-- Exercise --
Retype word for word the stretch of entries below from the line that has "Pulmonary congestion: 3" through the line that has "Repetition time: 4.786 s", and omit the pictures.

[Saved data entries]
========

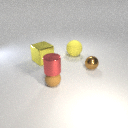
small brown rubber sphere to the left of large yellow rubber sphere
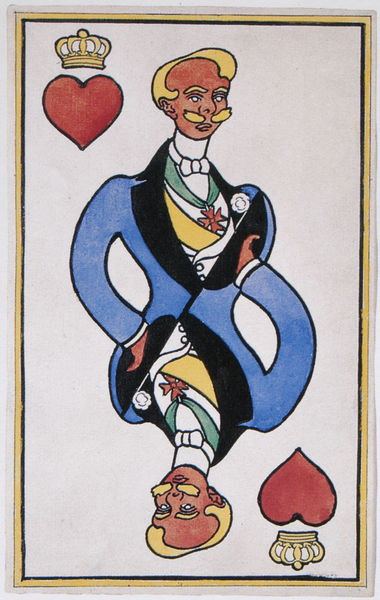
Titel: Entwurf für ein zwölfteiliges Kartenspiel
Künstler: Félix Vallotton
Standort: Lausanne
Institution: Galerie du Chêne
Schlagwörter: blau, gemälde, hand, kopf, mann, weiß, gelb, grün, blume, brust, bunt, finger, orange, schwarz, zeichnung, dame, rot, ornament, anzug, bart, blond, hemd, jacke, ober, schnurrbart, arm, arme, augen, band, gesicht, kragen, rahmen, hals, spiegel, spiegelung, figur, haare, krone, locke, schärpe, lächeln, farbig, spiegelbild, kette, farbe, könig, karikatur, schnäuzer, kartenspiel, symmetrie, ernst, streng, homme, jaune, moustache, knöpfe, fleige, fliege, jackett, revers, sakko, schnauzbart, schnauzer, jacket, weste, spiel, stolz, kreuz, stern, ironie, karrikatur, orden, herrscher, entwurf, herzen, karte, medallion, hüfte, dandy, smoking, rouge, herz, medaille, gespiegelt, blonde, couronne, bube, bleu, verkehrt, carte, spielkarte, joker, herzbube, herzkönig, bbart, bubde, dümmlich, george sand, ken, preusse, roi, zweiseitig, garbe, décoration, sacco, noble, coronne, coloreux, 10, gelb#, valet, double, coeur, spiegelbildlcih, coeurs, mustache, recto-verso, coronnes
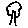
Label: tree
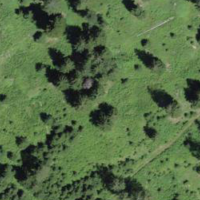
EUNIS habitat code: 43
Species observed at this site:
Cephalanthera longifolia
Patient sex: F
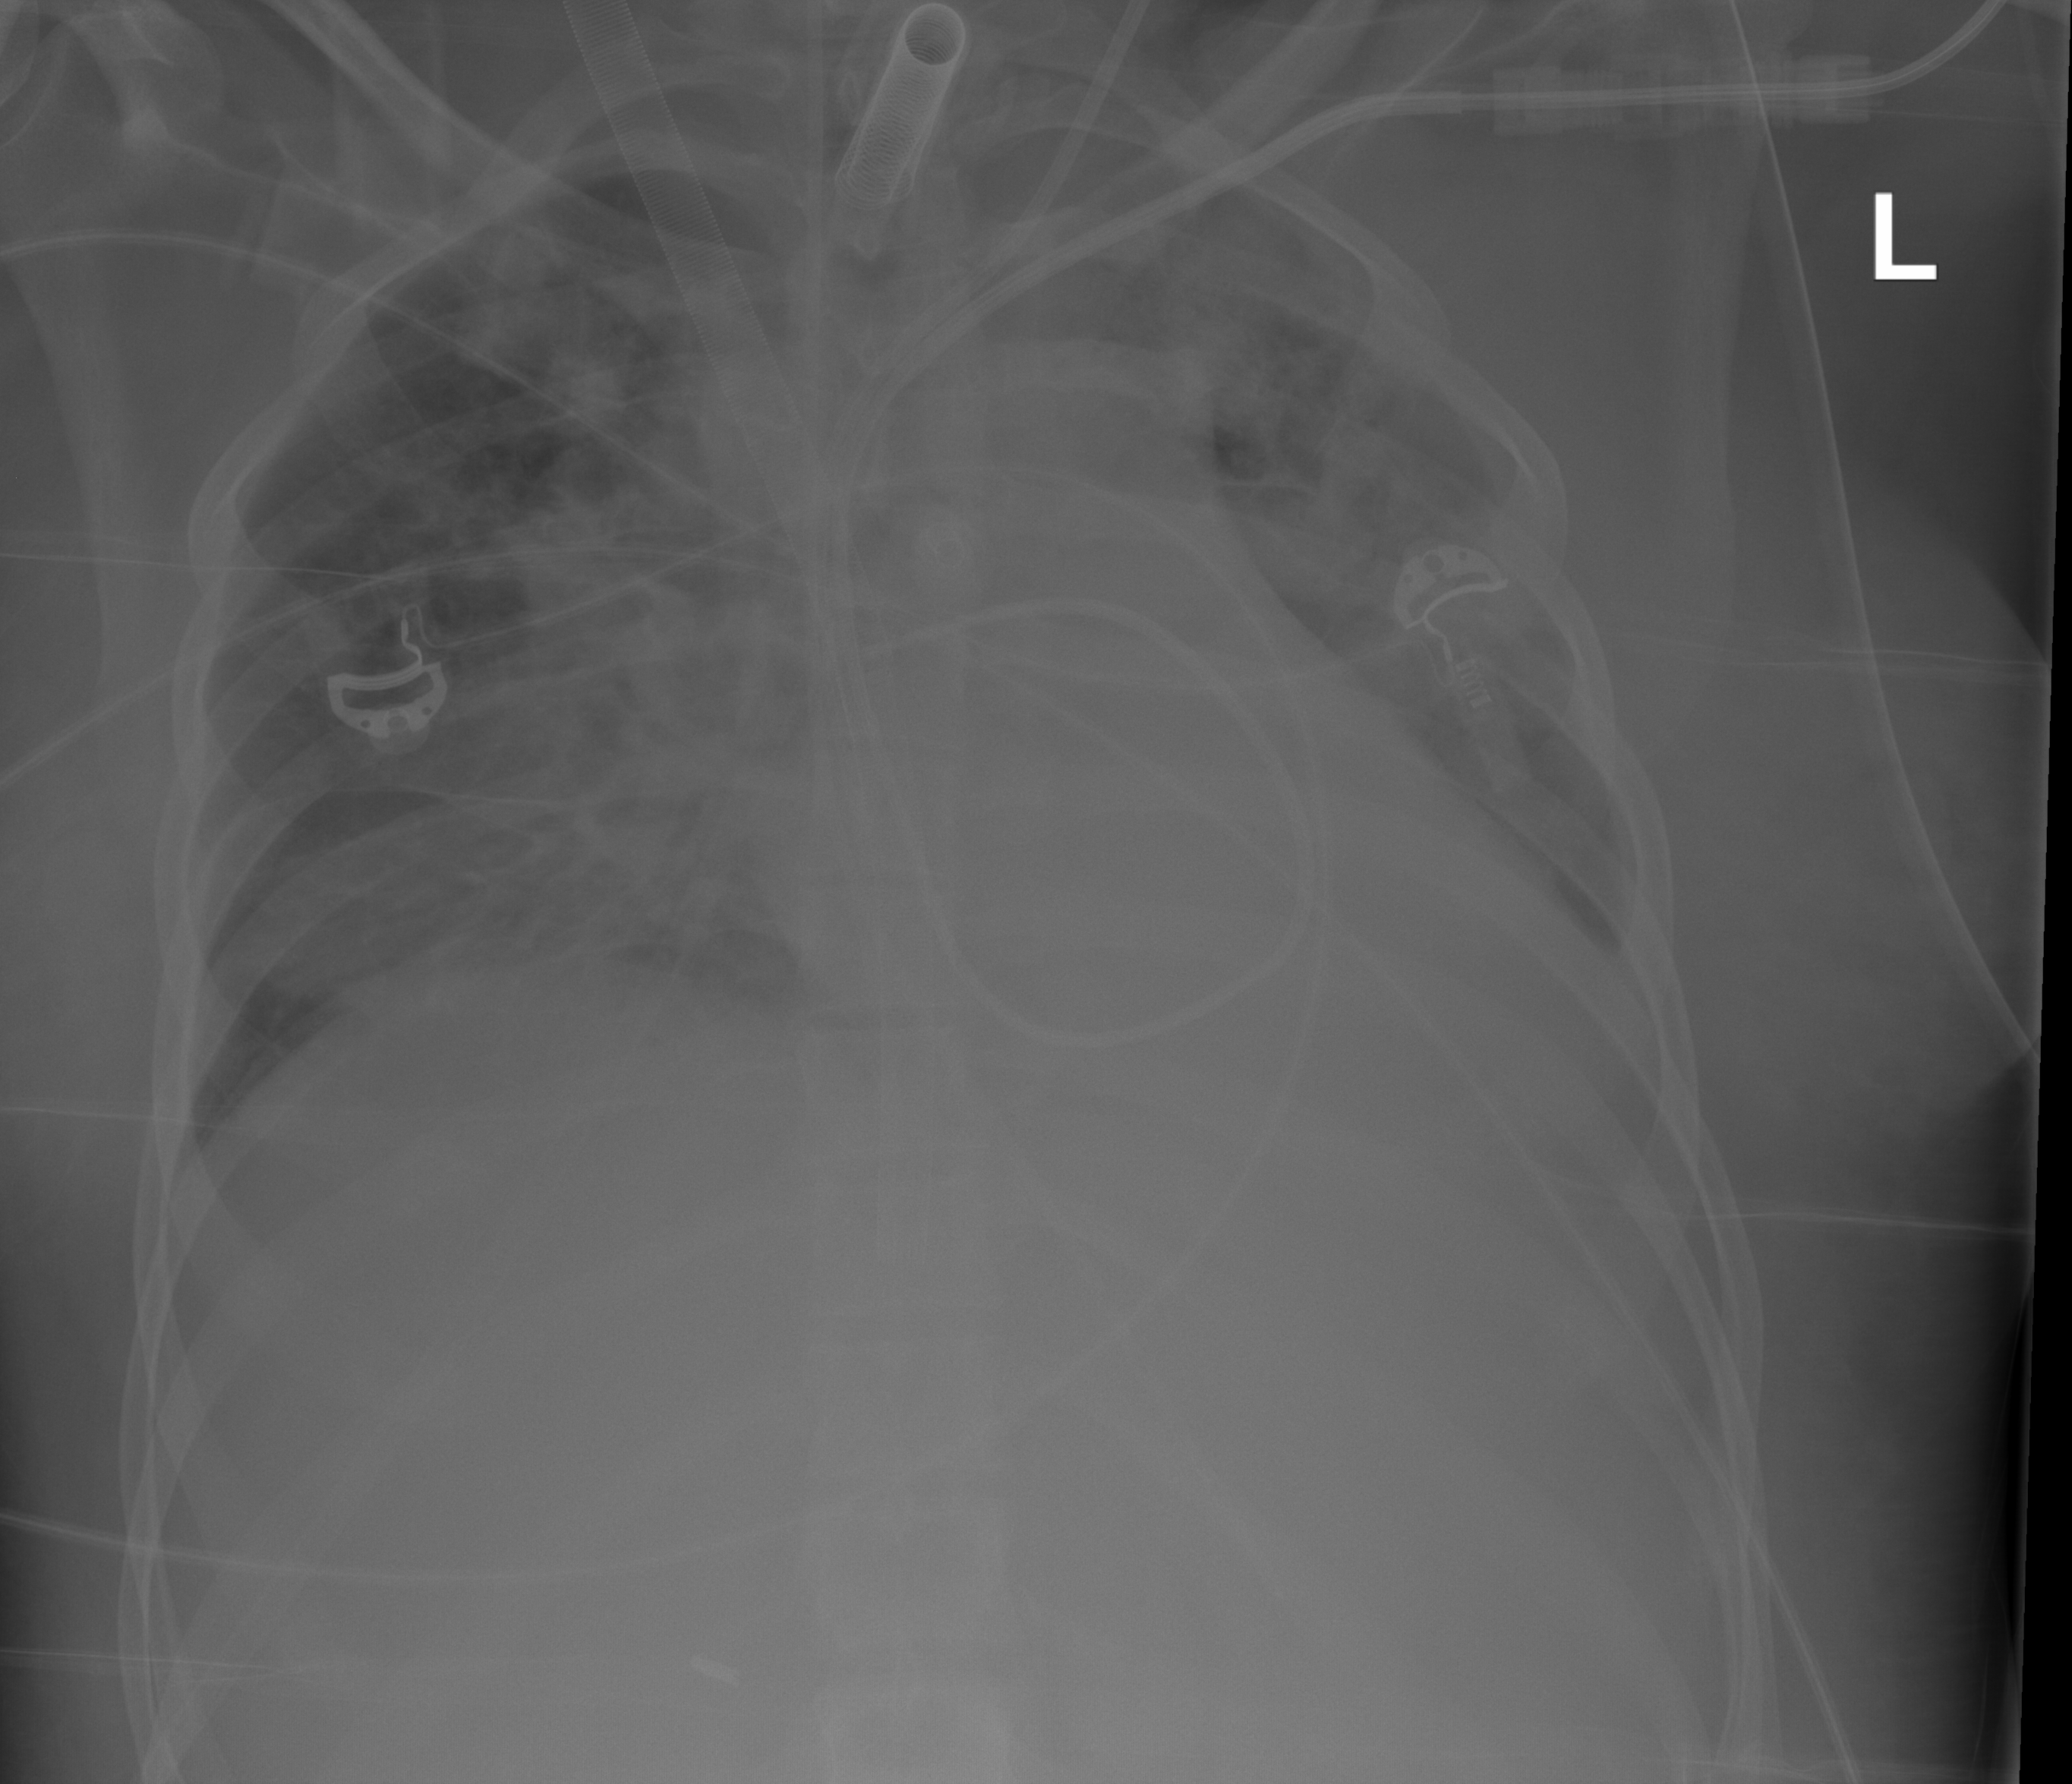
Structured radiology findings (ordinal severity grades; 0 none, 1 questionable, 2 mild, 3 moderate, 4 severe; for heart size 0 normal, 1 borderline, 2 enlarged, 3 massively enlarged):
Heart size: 1
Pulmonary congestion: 3
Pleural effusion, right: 1
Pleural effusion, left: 2
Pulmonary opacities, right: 3
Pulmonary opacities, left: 3
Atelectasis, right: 3
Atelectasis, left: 3
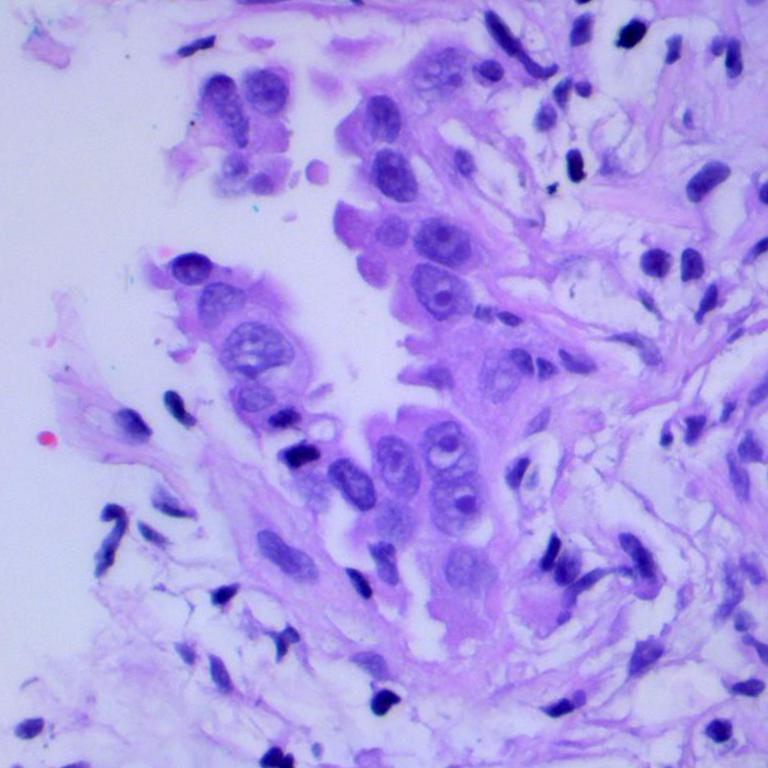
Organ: lung
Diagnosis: adenocarcinomas
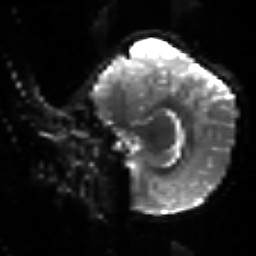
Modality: sbref
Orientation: sagittal
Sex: male
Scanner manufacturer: siemens
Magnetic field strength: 3 T
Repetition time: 5 s
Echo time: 0.071 s
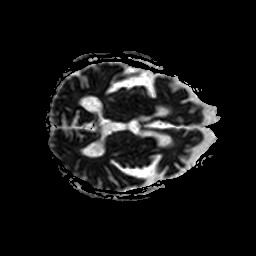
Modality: ADC
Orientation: axial
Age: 88
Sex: female
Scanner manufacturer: philips
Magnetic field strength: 1.5 T
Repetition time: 4.786 s
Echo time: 0.07764 s
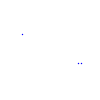
Particle: pion
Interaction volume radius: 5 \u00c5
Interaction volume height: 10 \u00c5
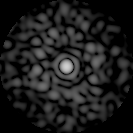
Disorder parameter: 0.825
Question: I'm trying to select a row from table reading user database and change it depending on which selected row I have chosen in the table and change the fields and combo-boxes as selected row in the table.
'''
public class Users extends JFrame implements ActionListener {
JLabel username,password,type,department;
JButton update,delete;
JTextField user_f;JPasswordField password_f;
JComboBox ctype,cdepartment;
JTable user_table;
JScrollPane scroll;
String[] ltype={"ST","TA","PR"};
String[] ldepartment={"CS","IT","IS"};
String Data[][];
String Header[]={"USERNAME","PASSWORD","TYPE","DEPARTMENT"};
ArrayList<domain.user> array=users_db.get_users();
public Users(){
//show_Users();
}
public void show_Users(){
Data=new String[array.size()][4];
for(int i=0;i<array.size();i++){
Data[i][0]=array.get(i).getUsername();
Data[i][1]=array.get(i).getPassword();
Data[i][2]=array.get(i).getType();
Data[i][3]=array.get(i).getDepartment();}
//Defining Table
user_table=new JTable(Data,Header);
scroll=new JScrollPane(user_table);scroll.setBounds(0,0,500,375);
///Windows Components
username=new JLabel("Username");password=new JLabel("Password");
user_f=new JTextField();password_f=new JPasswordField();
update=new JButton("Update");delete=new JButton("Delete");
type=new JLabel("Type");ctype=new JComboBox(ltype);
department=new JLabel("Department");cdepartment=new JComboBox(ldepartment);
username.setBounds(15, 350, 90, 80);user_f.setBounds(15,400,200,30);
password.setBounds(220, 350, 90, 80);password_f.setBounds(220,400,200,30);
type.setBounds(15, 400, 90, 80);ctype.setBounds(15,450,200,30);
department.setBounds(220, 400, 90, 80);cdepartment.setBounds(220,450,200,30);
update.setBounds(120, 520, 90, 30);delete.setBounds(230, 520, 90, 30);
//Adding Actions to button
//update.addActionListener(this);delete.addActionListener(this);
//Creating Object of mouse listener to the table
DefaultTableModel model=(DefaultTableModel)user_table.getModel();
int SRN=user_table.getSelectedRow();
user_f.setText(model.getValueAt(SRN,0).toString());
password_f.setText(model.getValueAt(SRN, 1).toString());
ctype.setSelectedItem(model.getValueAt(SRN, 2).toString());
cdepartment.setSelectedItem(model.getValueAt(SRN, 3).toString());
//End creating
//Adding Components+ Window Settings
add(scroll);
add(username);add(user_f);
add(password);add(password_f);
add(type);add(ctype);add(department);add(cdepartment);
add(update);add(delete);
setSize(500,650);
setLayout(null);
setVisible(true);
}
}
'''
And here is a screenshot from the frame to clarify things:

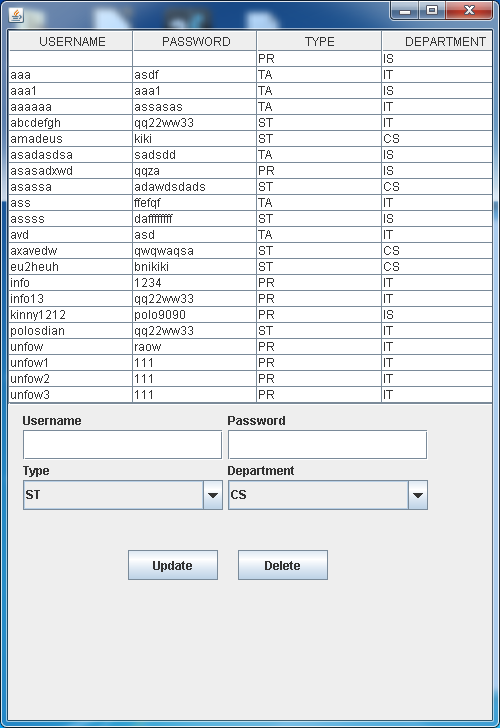
Answer: Maybe this code can help. You have to attach listener on row selection like this:
'''
table.getSelectionModel().addListSelectionListener(new ListSelectionListener(){
public void valueChanged(ListSelectionEvent event) {
// do some actions here, for example
// print first column value from selected row
System.out.println(table.getValueAt(table.getSelectedRow(), 0).toString());
}
});
'''
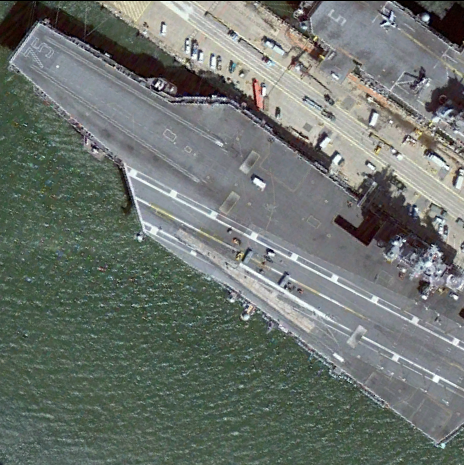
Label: Nimitz-class_aircraft_carrier
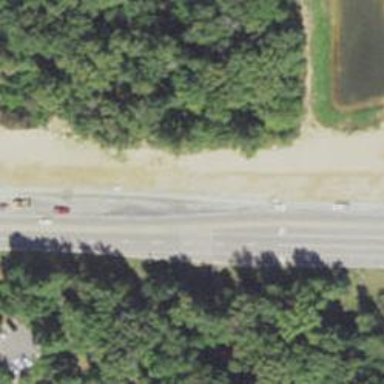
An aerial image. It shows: Tertiary road.
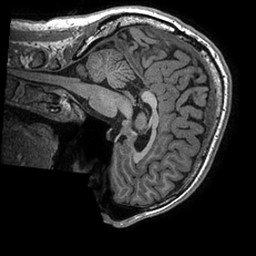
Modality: T1w
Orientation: sagittal
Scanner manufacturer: ge
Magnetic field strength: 3 T
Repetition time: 0.006364 s
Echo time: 0.002788 s
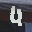
Label: 4
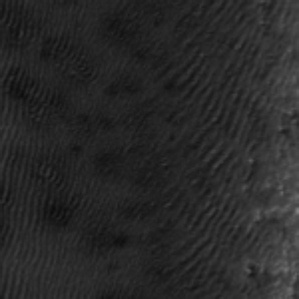
Label: frost
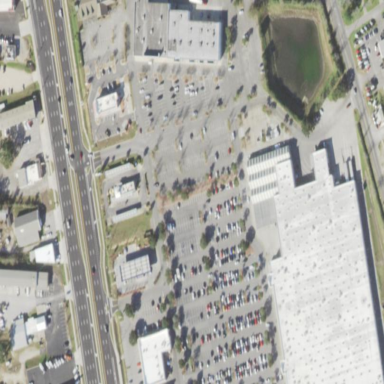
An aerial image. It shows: Commercial area.
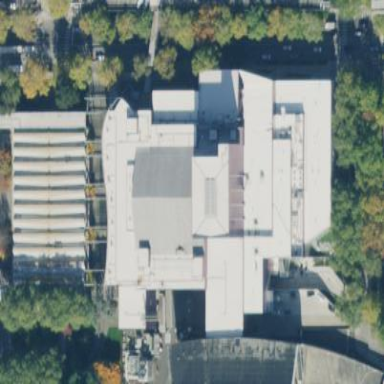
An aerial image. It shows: Theater building.
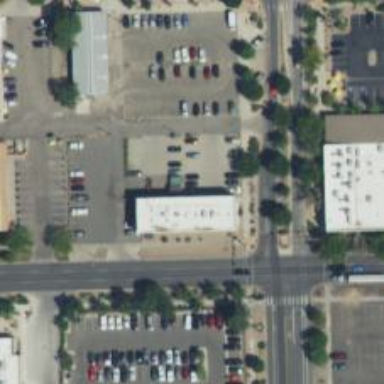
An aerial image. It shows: Parking space is available.
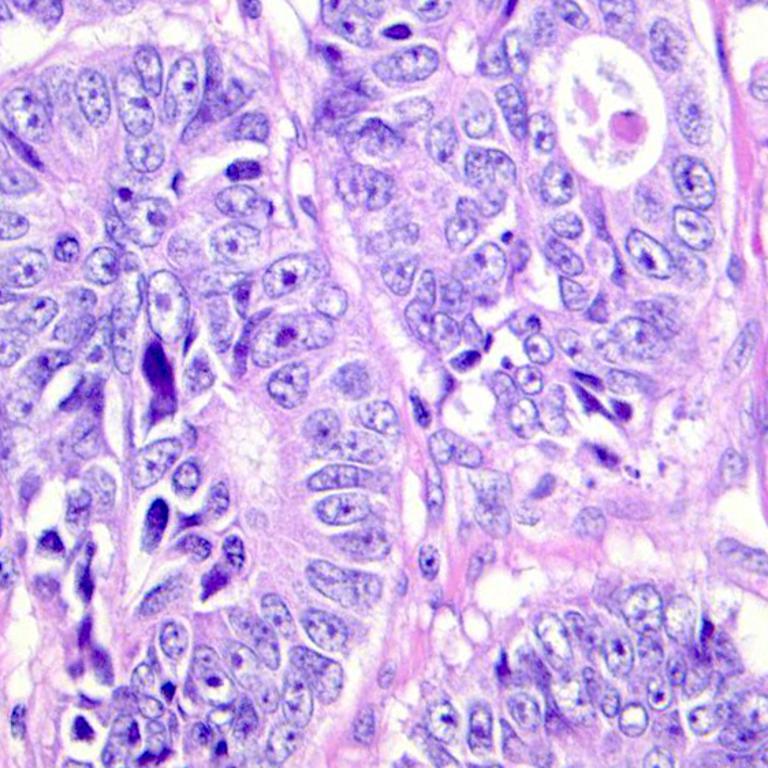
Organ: colon
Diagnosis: adenocarcinomas
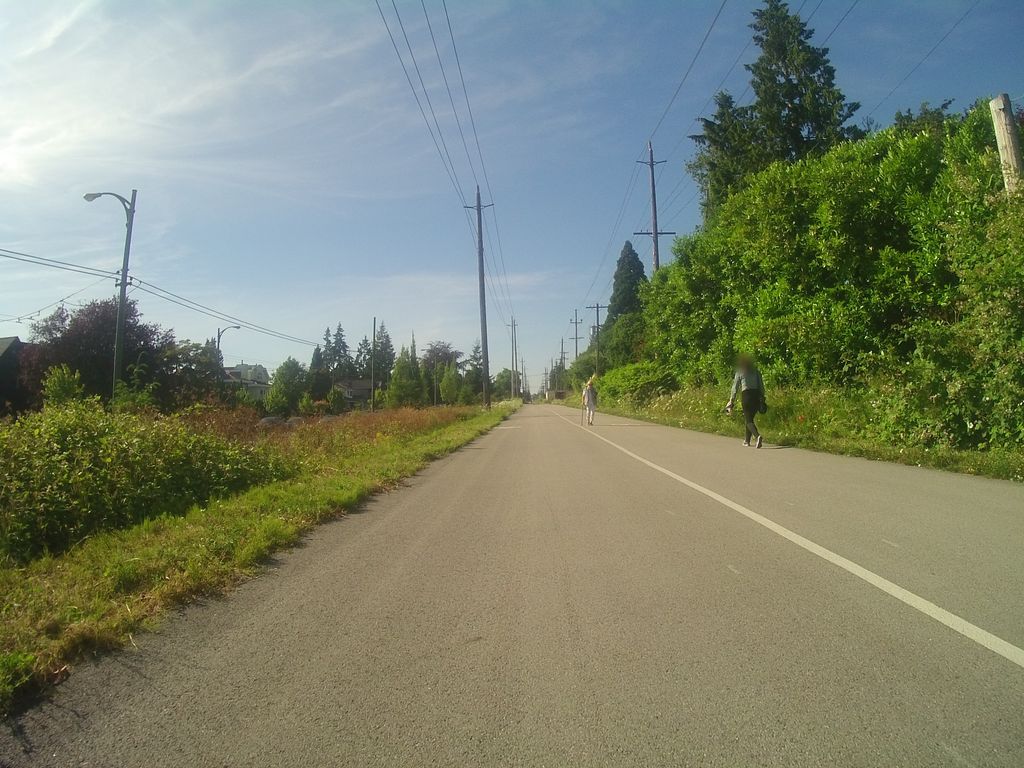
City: vancouver
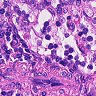
Metastatic tissue present: no
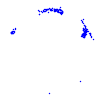
Particle: pion
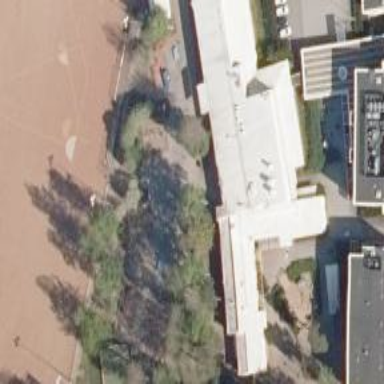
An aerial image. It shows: School building with skillion roof.
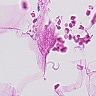
Metastatic tissue present: no

========

-- Response box --
Pulmonary congestion: 3
Pleural effusion, right: 1
Pleural effusion, left: 2
Pulmonary opacities, right: 3
Pulmonary opacities, left: 3
Atelectasis, right: 3
Atelectasis, left: 3
Organ: lung
Diagnosis: adenocarcinomas
Modality: sbref
Orientation: sagittal
Sex: male
Scanner manufacturer: siemens
Magnetic field strength: 3 T
Repetition time: 5 s
Echo time: 0.071 s
Modality: ADC
Orientation: axial
Age: 88
Sex: female
Scanner manufacturer: philips
Magnetic field strength: 1.5 T
Repetition time: 4.786 s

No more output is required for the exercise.